# Provided records
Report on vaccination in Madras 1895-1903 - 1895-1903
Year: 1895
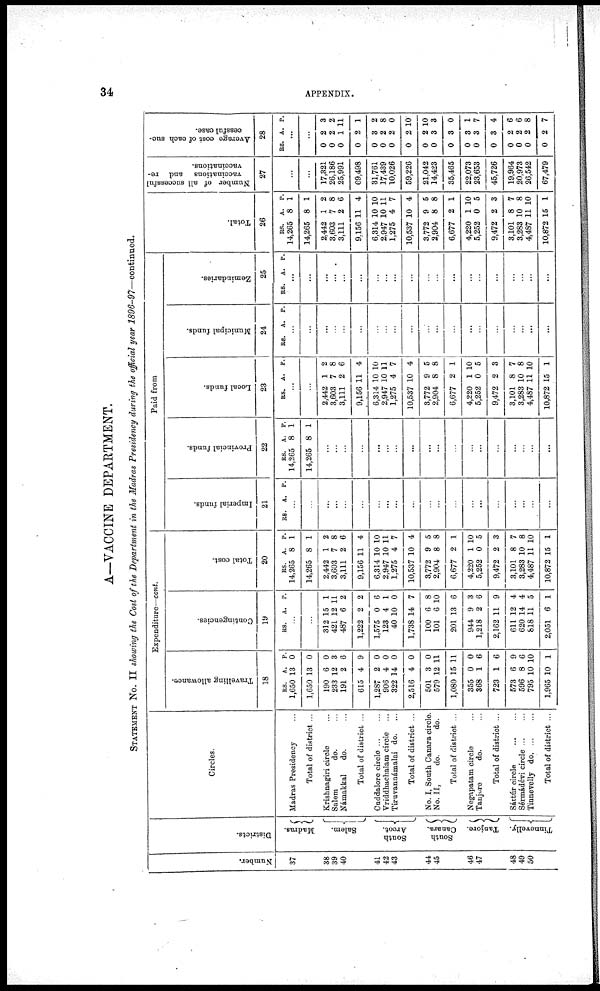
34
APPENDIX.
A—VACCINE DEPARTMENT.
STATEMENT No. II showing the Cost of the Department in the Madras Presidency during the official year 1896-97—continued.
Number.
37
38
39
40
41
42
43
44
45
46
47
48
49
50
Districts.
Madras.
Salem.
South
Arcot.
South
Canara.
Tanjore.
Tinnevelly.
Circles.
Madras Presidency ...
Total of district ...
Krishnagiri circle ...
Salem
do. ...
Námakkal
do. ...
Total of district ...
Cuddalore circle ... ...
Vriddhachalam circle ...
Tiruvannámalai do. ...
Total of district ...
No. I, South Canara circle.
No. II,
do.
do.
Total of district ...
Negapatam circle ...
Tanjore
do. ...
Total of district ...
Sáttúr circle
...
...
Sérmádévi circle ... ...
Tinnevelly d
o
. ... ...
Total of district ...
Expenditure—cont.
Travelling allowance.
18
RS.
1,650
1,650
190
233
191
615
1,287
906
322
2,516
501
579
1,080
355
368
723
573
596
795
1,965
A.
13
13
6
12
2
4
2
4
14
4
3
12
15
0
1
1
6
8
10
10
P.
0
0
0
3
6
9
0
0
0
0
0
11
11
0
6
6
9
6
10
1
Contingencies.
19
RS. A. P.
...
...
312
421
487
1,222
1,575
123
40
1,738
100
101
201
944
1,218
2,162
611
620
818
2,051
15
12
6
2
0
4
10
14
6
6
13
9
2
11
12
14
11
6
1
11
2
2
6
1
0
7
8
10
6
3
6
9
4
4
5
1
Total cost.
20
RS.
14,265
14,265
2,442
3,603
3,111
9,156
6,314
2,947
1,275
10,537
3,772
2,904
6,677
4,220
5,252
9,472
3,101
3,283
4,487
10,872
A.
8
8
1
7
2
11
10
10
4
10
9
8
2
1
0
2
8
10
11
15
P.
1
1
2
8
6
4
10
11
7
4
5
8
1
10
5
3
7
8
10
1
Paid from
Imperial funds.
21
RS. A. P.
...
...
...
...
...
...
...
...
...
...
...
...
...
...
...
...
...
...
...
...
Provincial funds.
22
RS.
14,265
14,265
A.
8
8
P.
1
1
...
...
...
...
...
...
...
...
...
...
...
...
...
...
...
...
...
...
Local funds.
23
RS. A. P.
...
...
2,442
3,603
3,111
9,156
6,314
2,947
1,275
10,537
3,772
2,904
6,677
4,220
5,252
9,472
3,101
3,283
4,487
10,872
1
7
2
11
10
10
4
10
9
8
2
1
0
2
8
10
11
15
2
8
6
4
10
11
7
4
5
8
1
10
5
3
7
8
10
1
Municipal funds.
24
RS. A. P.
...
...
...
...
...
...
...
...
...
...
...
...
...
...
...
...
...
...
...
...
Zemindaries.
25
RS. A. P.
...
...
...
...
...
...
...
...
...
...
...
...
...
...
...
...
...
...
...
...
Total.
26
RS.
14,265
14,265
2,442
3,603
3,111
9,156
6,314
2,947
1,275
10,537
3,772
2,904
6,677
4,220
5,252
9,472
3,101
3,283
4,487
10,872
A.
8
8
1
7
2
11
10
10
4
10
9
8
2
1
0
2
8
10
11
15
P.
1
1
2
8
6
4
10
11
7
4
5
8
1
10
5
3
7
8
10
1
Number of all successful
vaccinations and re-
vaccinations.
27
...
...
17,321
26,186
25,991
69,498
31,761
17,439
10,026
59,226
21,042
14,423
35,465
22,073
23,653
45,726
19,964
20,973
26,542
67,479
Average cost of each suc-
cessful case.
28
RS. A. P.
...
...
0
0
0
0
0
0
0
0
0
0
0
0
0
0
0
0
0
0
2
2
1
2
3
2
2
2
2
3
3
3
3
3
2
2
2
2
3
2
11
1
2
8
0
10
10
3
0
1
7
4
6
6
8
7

# Problem details
Find and copy every line in the entries above where the string "Presidency" occurs.

# Problem solution
STATEMENT No. II showing the Cost of the Department in the Madras Presidency during the official year 1896-97—continued.
Madras Presidency ...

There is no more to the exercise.